Even before he put down the vest and showed up at her place for good – because there was no turning back for either of them after that – he had known. It was part of what kept him away for so long.
Being with Karen was everything right, and good, and Frank hadn’t believed in a long, long time that those things should even be possible for him. That they could be what he deserved.
He only half-believes it even now. But if he’s going to hell for letting himself have this, then he might as well make the most of this one small corner of light and good things until then.
Still, they have their not-so-good days. The days that try to drag them back into those dark, buried places of their past, before they had this. Before they found something else that they could not afford to lose.
There’s the date of every funeral they’ve ever been to, every loved one they’ve had to bury. There are other kinds of anniversaries, too. Birthdays. Christmas. The day Frank got married. But they all carry with them the same kind of heaviness. They all came to an end the same way.
There are more of these kinds of days than either of them would like to count – days that feel like they belong to some other life, but will never stop haunting them in the one they’re living now.

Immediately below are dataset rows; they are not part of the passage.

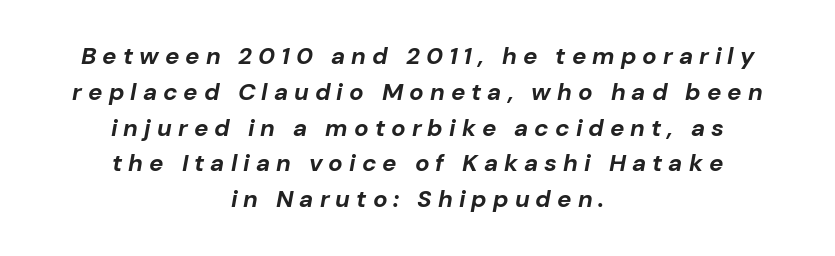
{"italic": "yes", "lean": "right", "slant_degrees": 10, "bold": "yes", "underline": "no", "align": "center", "line_spacing": "normal", "line_spacing_ratio": 1.49, "letter_spacing": "wide", "letter_spacing_em": 0.25, "glyph_px": 24}
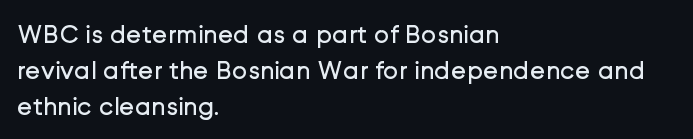
The characters are drawn with everyday or finer stroke widths. Line beginnings align vertically; line endings do not. Rule under the text: the space is simply empty. Words appear dense and cohesive because spacing is normal. Whoever set this chose a conventional vertical rhythm. Rendered with straight, roman letterforms.
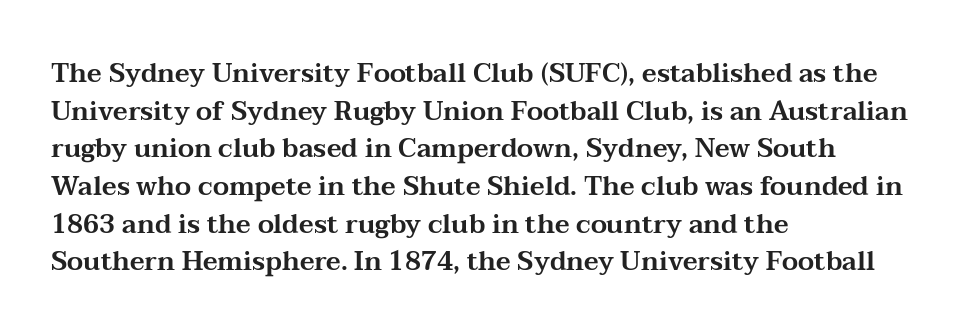
{"italic": "no", "underline": "no", "align": "left", "line_spacing": "normal", "line_spacing_ratio": 1.45, "letter_spacing": "normal", "letter_spacing_em": 0.0, "glyph_px": 26}
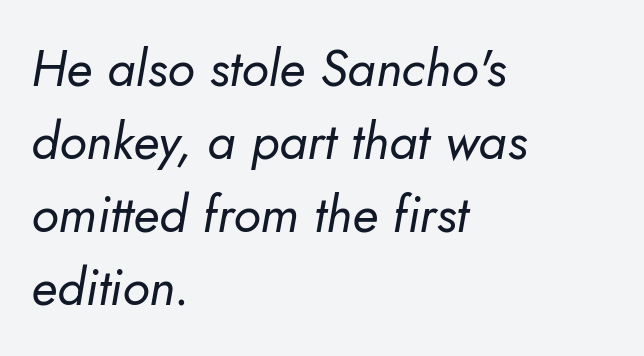
Here the designer chose a conventional face with non-uniform glyph widths. Notice how the stems are inclined rather than vertical — that's the hallmark of italics. The line texture is even and compact thanks to regular tracking. If you drew a ruler down the left edge, every line would touch it. Whoever set this chose a conventional vertical rhythm. Glance below the letters and you will spot only blank space.
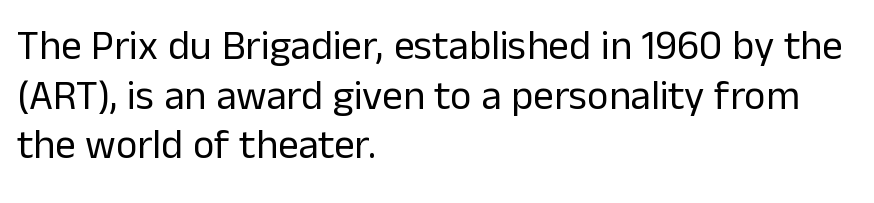
{"serif": "no", "italic": "no", "bold": "no", "weight": "regular", "width": "normal", "stroke_contrast": "low", "x_height": "medium", "monospaced": "no", "underline": "no", "align": "left", "line_spacing_ratio": 1.21, "letter_spacing": "normal", "letter_spacing_em": 0.0, "glyph_px": 41}
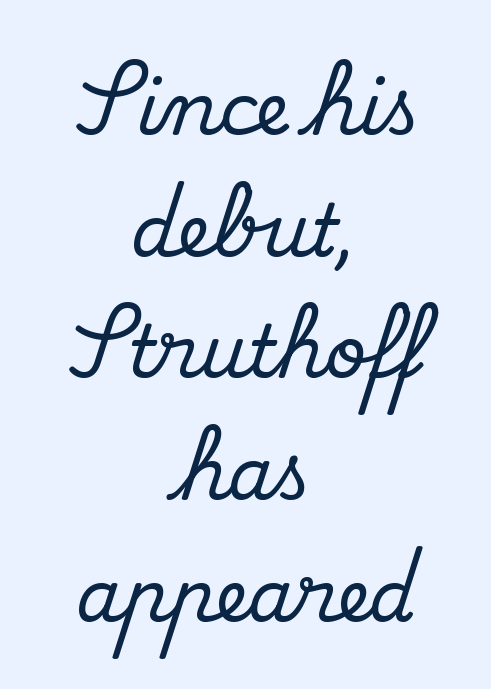
{"serif": "yes", "width": "normal", "stroke_contrast": "medium", "x_height": "small", "monospaced": "no", "underline": "no", "align": "center", "line_spacing": "normal", "line_spacing_ratio": 1.69, "letter_spacing": "normal", "letter_spacing_em": 0.0, "glyph_px": 72}
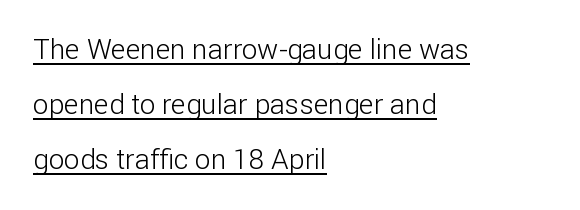
The image shows 28 px light sans-serif type, upright; set left-aligned, loose line spacing (1.97x), normal letter spacing, underlined; low stroke contrast and a medium x-height.
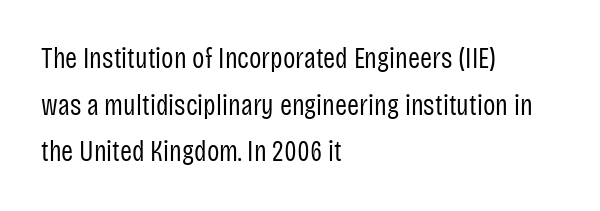
Q: Is the text bold? A: No.
Q: Is the text italic (slanted)? A: No, it is upright.
Q: Is the typeface a serif or a sans-serif typeface? A: Sans-serif.
Q: Is the text underlined? A: No.
Q: How is the paragraph aligned? A: Left-aligned.
Q: Is the spacing between letters normal or unusually wide? A: Normal.
Q: Is the spacing between lines tight, normal or loose? A: Normal.
Q: Width (condensed, normal, or wide)? A: Condensed.
Q: Stroke contrast? A: Low.
Q: x-height? A: Large.
Q: Monospaced? A: No.
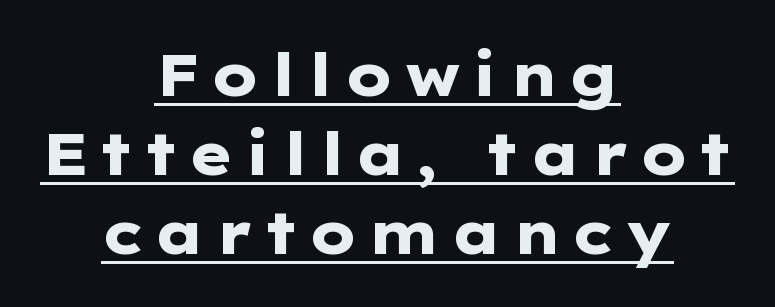
{"serif": "no", "italic": "no", "bold": "yes", "weight": "heavy", "width": "wide", "stroke_contrast": "low", "x_height": "medium", "monospaced": "no", "underline": "yes", "align": "center", "line_spacing": "normal", "line_spacing_ratio": 1.34, "glyph_px": 59}
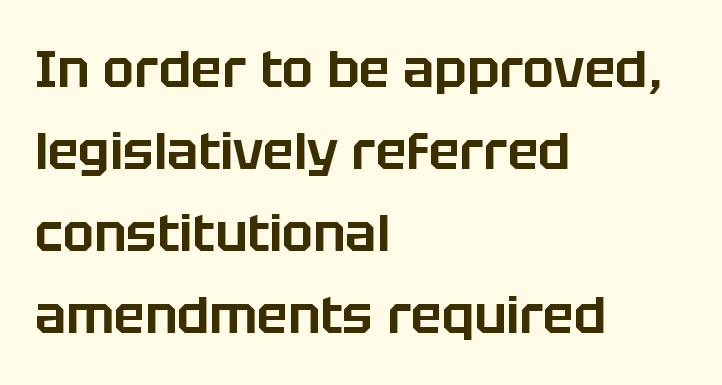
The image shows 52 px sans-serif type, upright; set left-aligned, normal line spacing (1.58x), normal letter spacing, not underlined; low stroke contrast and a large x-height.
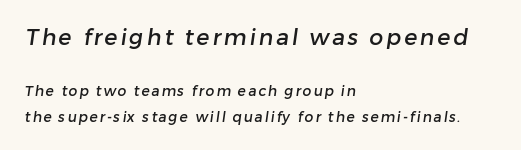
The image shows 22 px text type; set left-aligned, line spacing 1.88x, not underlined; the first (top) block is 1.57x larger.
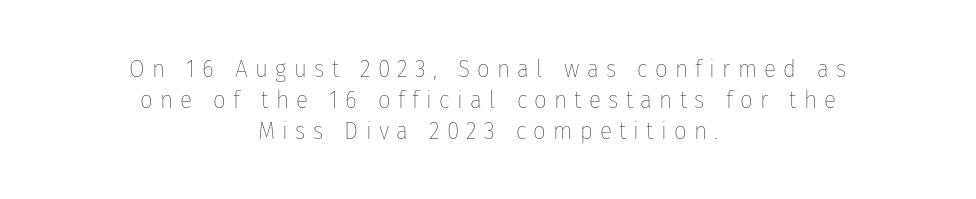
The image shows 25 px text type, upright; set centered, line spacing 1.24x, unusually wide letter spacing (+0.29 em), not underlined.
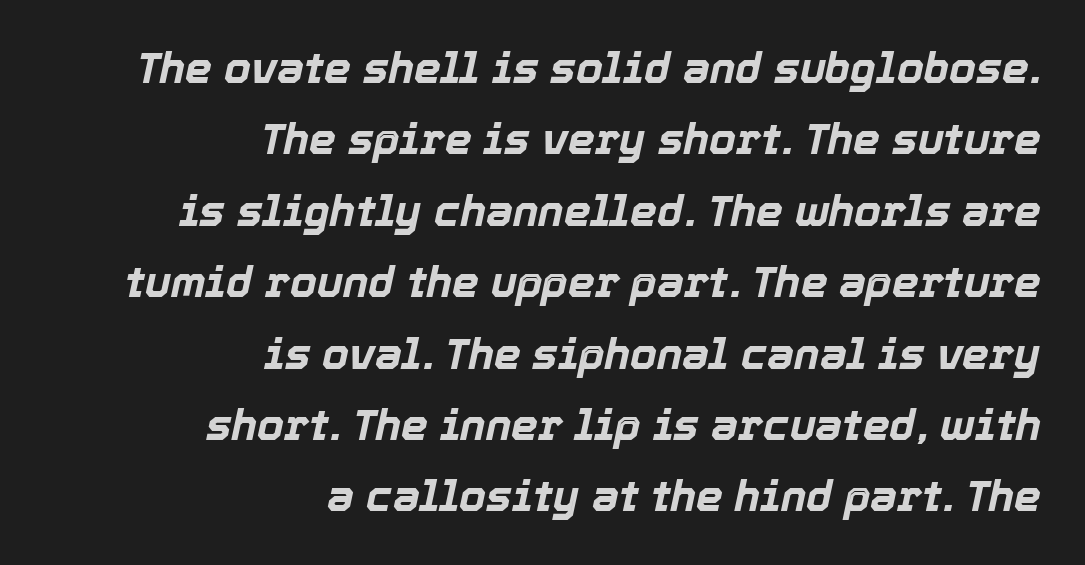
Q: Is the text bold? A: Yes.
Q: Is the text italic (slanted)? A: Yes, it leans right by about 12 degrees.
Q: Is the text underlined? A: No.
Q: How is the paragraph aligned? A: Right-aligned.
Q: Is the spacing between letters normal or unusually wide? A: Normal.
Q: Is the spacing between lines tight, normal or loose? A: Normal.
Q: Width (condensed, normal, or wide)? A: Normal.
Q: x-height? A: Medium.
Q: Monospaced? A: No.
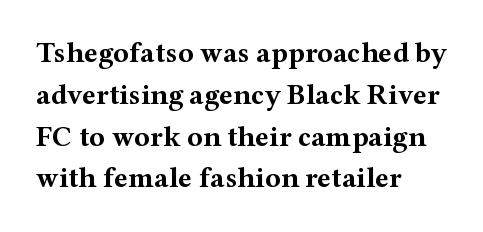
Q: Is the text bold? A: Yes.
Q: Is the text italic (slanted)? A: No, it is upright.
Q: Is the typeface a serif or a sans-serif typeface? A: Serif.
Q: Is the text underlined? A: No.
Q: How is the paragraph aligned? A: Left-aligned.
Q: Is the spacing between letters normal or unusually wide? A: Normal.
Q: Is the spacing between lines tight, normal or loose? A: Normal.
Q: Width (condensed, normal, or wide)? A: Wide.
Q: Stroke contrast? A: Medium.
Q: x-height? A: Medium.
Q: Monospaced? A: No.
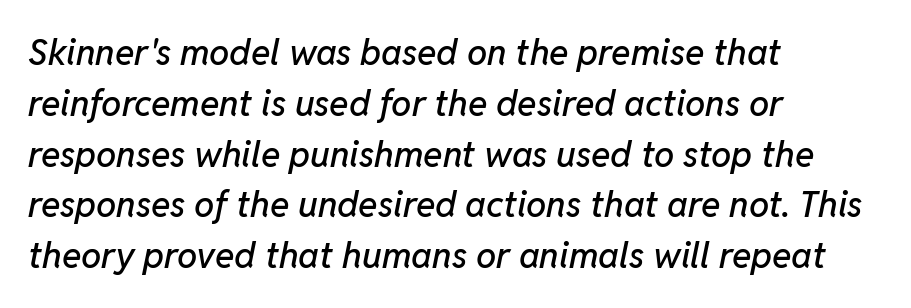
The image shows 36 px text type, italic (leaning right); set left-aligned, normal line spacing (1.41x), normal letter spacing, not underlined; low stroke contrast and a medium x-height.
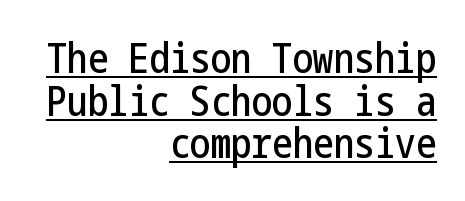
{"serif": "no", "italic": "no", "width": "condensed", "stroke_contrast": "low", "x_height": "medium", "underline": "yes", "align": "right", "line_spacing": "tight", "line_spacing_ratio": 1.04, "letter_spacing": "normal", "letter_spacing_em": 0.0, "glyph_px": 41}

Each one comes with a static kind of silence around it.
They have their own ways of dealing. Frank rises even earlier than usual and goes for a run down the Hudson. He runs until his whole body might be on fire, and then he just keeps on going. Karen throws herself into her work; if she’s not out chasing leads, she’s hunkered down at her computer, fingers flying over the keys.
It takes some navigating, but they’ve learned how to be there for each other without overstepping – how to be gentle with all that silence, how to cradle it close without it breaking. How to let the silence know that it is not alone.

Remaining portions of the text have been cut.